I’m studying a recursively defined estimator and want to prove consistency. The estimator is not merely computed by a recursive algorithm—the value on a sample is defined (also) through values on sub-samples.
Let's denote the estimator by $T_n$ and the parameter of interest by $\gamma$. So far, I've tried:
- Induction on $n$ for $\mathbb{P}(|T_n - \gamma| > \varepsilon)$, but it doesn't close without additional structure
- Covering $\{ |T_n - \gamma| > \varepsilon \} \subseteq E_n(\varepsilon)$ and bounding $\mathbb{P}(E_n(\varepsilon))$, but a tight enough cover is hard to quantify
- Solving a recursion relation of tail bounds, which only yields decay for $\varepsilon$ bounded away from $0$
I've also tried to use asymptotic properties of some of the quantities involved in the definition of $T_n$, but it seems especially difficult to use those with recursion.

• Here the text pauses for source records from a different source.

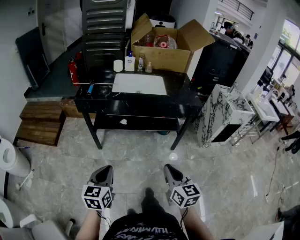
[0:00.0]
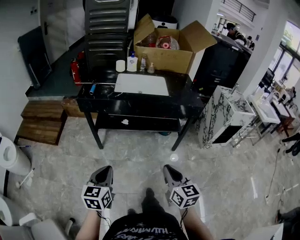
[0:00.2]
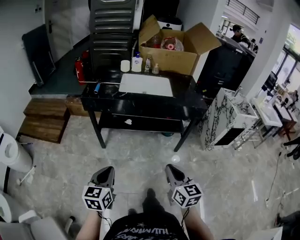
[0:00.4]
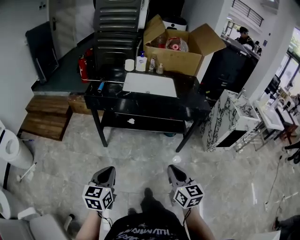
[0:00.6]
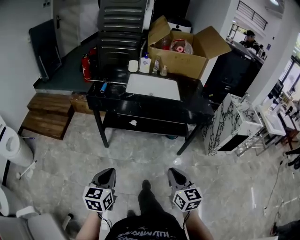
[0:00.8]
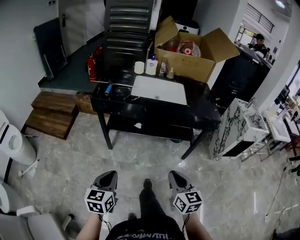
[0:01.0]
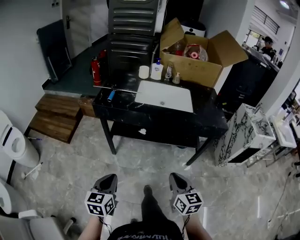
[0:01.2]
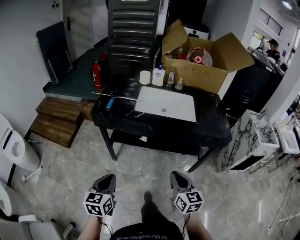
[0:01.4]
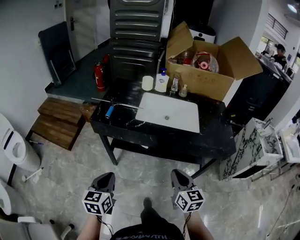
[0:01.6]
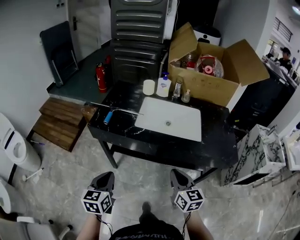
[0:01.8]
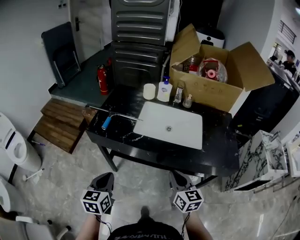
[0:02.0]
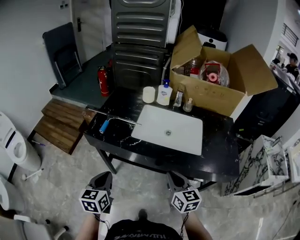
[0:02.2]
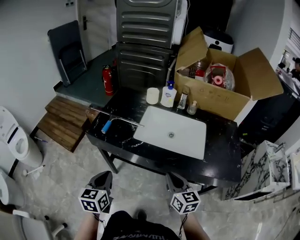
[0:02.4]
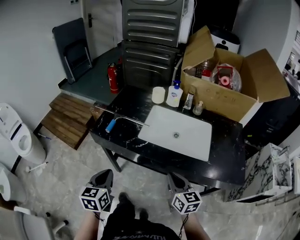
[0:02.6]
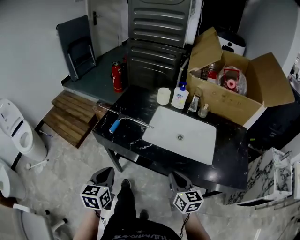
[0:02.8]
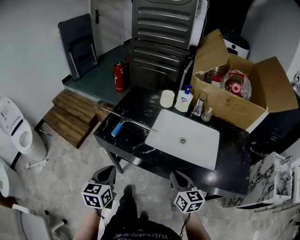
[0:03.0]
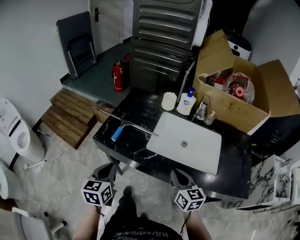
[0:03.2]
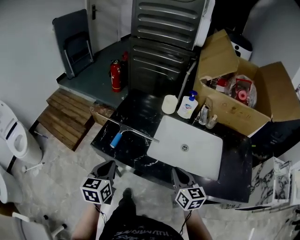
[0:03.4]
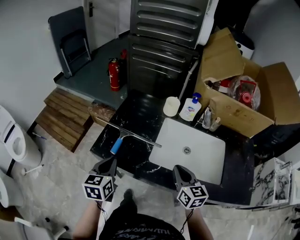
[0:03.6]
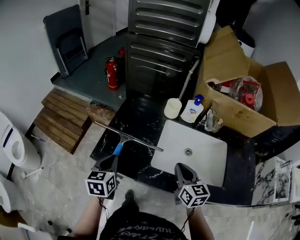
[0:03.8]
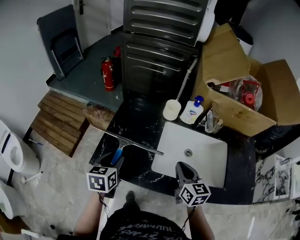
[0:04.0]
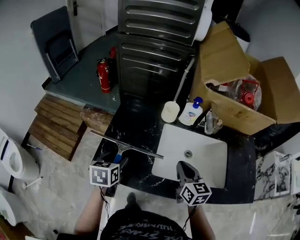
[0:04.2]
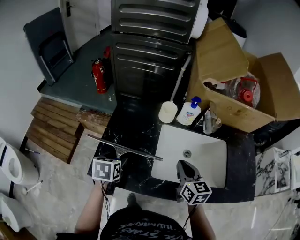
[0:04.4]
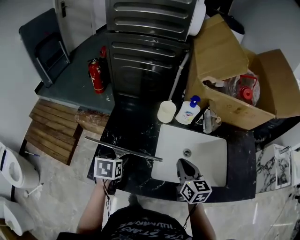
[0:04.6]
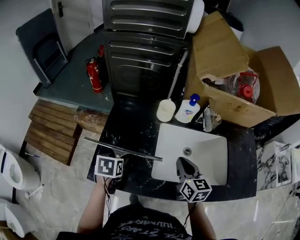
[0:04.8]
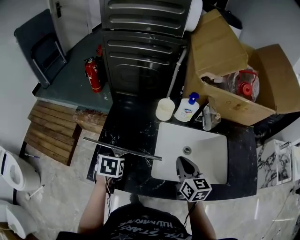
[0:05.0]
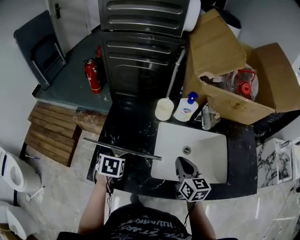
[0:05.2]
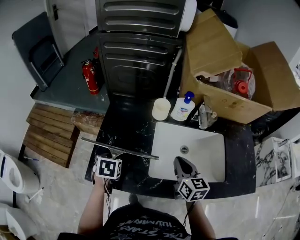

Are there any other common proof techniques? Pointers to standard references are very welcome.
Edit: I can't share specifics, but think of $n$ i.i.d observations, some "base" estimator $T'_{i:j}$ computed on observations $i$ through $j$ and an aggregation function $A$, then setting $T_{i:j} := A(\{ T'_{i:j} \} \cup \bigcup_{i \leq k < j} \{ T_{i:k}, T_{k+1:j}\})$ and $T_n := T_{1:n}$.